----- INFORMATION GIVEN -----
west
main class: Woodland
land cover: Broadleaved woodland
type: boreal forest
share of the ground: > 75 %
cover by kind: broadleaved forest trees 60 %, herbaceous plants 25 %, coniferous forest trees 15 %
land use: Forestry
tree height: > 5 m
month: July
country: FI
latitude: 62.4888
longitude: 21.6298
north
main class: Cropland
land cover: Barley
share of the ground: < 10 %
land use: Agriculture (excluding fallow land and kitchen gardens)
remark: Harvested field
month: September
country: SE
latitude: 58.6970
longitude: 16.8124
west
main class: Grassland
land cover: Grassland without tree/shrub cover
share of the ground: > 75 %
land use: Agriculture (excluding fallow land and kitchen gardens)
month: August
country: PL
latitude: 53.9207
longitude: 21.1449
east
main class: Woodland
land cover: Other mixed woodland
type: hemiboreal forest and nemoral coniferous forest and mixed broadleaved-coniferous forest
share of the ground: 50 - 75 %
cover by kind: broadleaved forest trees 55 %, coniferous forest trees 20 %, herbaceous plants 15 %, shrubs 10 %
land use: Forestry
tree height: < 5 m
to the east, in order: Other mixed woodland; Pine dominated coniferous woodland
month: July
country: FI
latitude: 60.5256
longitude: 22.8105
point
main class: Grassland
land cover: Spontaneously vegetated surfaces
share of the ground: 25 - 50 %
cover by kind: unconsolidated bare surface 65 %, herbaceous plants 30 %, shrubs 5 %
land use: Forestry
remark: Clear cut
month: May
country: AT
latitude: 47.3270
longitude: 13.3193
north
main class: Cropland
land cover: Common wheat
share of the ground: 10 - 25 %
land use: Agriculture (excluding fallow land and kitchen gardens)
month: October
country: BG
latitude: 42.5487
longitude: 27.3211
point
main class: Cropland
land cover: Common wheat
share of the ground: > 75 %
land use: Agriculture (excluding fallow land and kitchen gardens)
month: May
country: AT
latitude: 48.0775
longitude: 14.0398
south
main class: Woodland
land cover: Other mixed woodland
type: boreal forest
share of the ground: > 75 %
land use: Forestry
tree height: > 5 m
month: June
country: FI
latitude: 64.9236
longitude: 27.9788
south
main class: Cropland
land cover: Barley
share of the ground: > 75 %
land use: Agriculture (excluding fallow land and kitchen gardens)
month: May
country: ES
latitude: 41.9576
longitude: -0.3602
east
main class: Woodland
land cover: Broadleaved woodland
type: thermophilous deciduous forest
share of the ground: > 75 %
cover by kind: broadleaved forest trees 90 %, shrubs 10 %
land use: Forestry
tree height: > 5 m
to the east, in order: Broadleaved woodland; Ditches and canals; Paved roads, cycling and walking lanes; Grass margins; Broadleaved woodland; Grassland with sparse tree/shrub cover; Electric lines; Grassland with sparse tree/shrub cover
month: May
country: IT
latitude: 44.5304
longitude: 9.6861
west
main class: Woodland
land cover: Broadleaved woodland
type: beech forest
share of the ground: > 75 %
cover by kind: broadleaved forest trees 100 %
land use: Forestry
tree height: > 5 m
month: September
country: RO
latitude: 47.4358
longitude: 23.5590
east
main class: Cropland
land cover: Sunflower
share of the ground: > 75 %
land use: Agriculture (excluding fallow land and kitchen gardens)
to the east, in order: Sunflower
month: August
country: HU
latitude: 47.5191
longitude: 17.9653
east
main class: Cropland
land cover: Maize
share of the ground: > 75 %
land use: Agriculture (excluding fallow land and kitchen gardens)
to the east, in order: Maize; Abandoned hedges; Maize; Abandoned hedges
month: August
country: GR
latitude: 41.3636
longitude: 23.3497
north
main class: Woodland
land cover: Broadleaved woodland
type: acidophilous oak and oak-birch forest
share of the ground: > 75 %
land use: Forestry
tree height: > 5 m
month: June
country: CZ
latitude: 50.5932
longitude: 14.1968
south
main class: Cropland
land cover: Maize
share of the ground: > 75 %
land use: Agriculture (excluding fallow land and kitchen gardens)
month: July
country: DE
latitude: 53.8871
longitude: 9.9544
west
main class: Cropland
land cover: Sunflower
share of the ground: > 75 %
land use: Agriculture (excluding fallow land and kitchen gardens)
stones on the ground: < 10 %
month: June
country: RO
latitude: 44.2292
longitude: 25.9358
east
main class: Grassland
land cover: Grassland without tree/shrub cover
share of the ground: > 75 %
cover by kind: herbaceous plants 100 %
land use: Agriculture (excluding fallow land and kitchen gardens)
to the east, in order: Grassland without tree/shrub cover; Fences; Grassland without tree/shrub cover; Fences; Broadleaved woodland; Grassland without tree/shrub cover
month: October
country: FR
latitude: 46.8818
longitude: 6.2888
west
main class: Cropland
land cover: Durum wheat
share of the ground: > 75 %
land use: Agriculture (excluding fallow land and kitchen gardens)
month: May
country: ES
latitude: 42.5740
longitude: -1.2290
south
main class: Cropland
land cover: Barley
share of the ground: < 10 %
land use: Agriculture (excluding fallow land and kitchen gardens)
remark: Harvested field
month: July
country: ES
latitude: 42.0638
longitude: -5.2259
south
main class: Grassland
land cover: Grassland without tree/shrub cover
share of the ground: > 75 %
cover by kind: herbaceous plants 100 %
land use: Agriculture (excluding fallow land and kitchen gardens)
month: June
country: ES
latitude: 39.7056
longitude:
-----
The records must be given again in full, exactly as they were written.

west
main class: Woodland
land cover: Broadleaved woodland
type: boreal forest
share of the ground: > 75 %
cover by kind: broadleaved forest trees 60 %, herbaceous plants 25 %, coniferous forest trees 15 %
land use: Forestry
tree height: > 5 m
month: July
country: FI
latitude: 62.4888
longitude: 21.6298
north
main class: Cropland
land cover: Barley
share of the ground: < 10 %
land use: Agriculture (excluding fallow land and kitchen gardens)
remark: Harvested field
month: September
country: SE
latitude: 58.6970
longitude: 16.8124
west
main class: Grassland
land cover: Grassland without tree/shrub cover
share of the ground: > 75 %
land use: Agriculture (excluding fallow land and kitchen gardens)
month: August
country: PL
latitude: 53.9207
longitude: 21.1449
east
main class: Woodland
land cover: Other mixed woodland
type: hemiboreal forest and nemoral coniferous forest and mixed broadleaved-coniferous forest
share of the ground: 50 - 75 %
cover by kind: broadleaved forest trees 55 %, coniferous forest trees 20 %, herbaceous plants 15 %, shrubs 10 %
land use: Forestry
tree height: < 5 m
to the east, in order: Other mixed woodland; Pine dominated coniferous woodland
month: July
country: FI
latitude: 60.5256
longitude: 22.8105
point
main class: Grassland
land cover: Spontaneously vegetated surfaces
share of the ground: 25 - 50 %
cover by kind: unconsolidated bare surface 65 %, herbaceous plants 30 %, shrubs 5 %
land use: Forestry
remark: Clear cut
month: May
country: AT
latitude: 47.3270
longitude: 13.3193
north
main class: Cropland
land cover: Common wheat
share of the ground: 10 - 25 %
land use: Agriculture (excluding fallow land and kitchen gardens)
month: October
country: BG
latitude: 42.5487
longitude: 27.3211
point
main class: Cropland
land cover: Common wheat
share of the ground: > 75 %
land use: Agriculture (excluding fallow land and kitchen gardens)
month: May
country: AT
latitude: 48.0775
longitude: 14.0398
south
main class: Woodland
land cover: Other mixed woodland
type: boreal forest
share of the ground: > 75 %
land use: Forestry
tree height: > 5 m
month: June
country: FI
latitude: 64.9236
longitude: 27.9788
south
main class: Cropland
land cover: Barley
share of the ground: > 75 %
land use: Agriculture (excluding fallow land and kitchen gardens)
month: May
country: ES
latitude: 41.9576
longitude: -0.3602
east
main class: Woodland
land cover: Broadleaved woodland
type: thermophilous deciduous forest
share of the ground: > 75 %
cover by kind: broadleaved forest trees 90 %, shrubs 10 %
land use: Forestry
tree height: > 5 m
to the east, in order: Broadleaved woodland; Ditches and canals; Paved roads, cycling and walking lanes; Grass margins; Broadleaved woodland; Grassland with sparse tree/shrub cover; Electric lines; Grassland with sparse tree/shrub cover
month: May
country: IT
latitude: 44.5304
longitude: 9.6861
west
main class: Woodland
land cover: Broadleaved woodland
type: beech forest
share of the ground: > 75 %
cover by kind: broadleaved forest trees 100 %
land use: Forestry
tree height: > 5 m
month: September
country: RO
latitude: 47.4358
longitude: 23.5590
east
main class: Cropland
land cover: Sunflower
share of the ground: > 75 %
land use: Agriculture (excluding fallow land and kitchen gardens)
to the east, in order: Sunflower
month: August
country: HU
latitude: 47.5191
longitude: 17.9653
east
main class: Cropland
land cover: Maize
share of the ground: > 75 %
land use: Agriculture (excluding fallow land and kitchen gardens)
to the east, in order: Maize; Abandoned hedges; Maize; Abandoned hedges
month: August
country: GR
latitude: 41.3636
longitude: 23.3497
north
main class: Woodland
land cover: Broadleaved woodland
type: acidophilous oak and oak-birch forest
share of the ground: > 75 %
land use: Forestry
tree height: > 5 m
month: June
country: CZ
latitude: 50.5932
longitude: 14.1968
south
main class: Cropland
land cover: Maize
share of the ground: > 75 %
land use: Agriculture (excluding fallow land and kitchen gardens)
month: July
country: DE
latitude: 53.8871
longitude: 9.9544
west
main class: Cropland
land cover: Sunflower
share of the ground: > 75 %
land use: Agriculture (excluding fallow land and kitchen gardens)
stones on the ground: < 10 %
month: June
country: RO
latitude: 44.2292
longitude: 25.9358
east
main class: Grassland
land cover: Grassland without tree/shrub cover
share of the ground: > 75 %
cover by kind: herbaceous plants 100 %
land use: Agriculture (excluding fallow land and kitchen gardens)
to the east, in order: Grassland without tree/shrub cover; Fences; Grassland without tree/shrub cover; Fences; Broadleaved woodland; Grassland without tree/shrub cover
month: October
country: FR
latitude: 46.8818
longitude: 6.2888
west
main class: Cropland
land cover: Durum wheat
share of the ground: > 75 %
land use: Agriculture (excluding fallow land and kitchen gardens)
month: May
country: ES
latitude: 42.5740
longitude: -1.2290
south
main class: Cropland
land cover: Barley
share of the ground: < 10 %
land use: Agriculture (excluding fallow land and kitchen gardens)
remark: Harvested field
month: July
country: ES
latitude: 42.0638
longitude: -5.2259
south
main class: Grassland
land cover: Grassland without tree/shrub cover
share of the ground: > 75 %
cover by kind: herbaceous plants 100 %
land use: Agriculture (excluding fallow land and kitchen gardens)
month: June
country: ES
latitude: 39.7056
longitude:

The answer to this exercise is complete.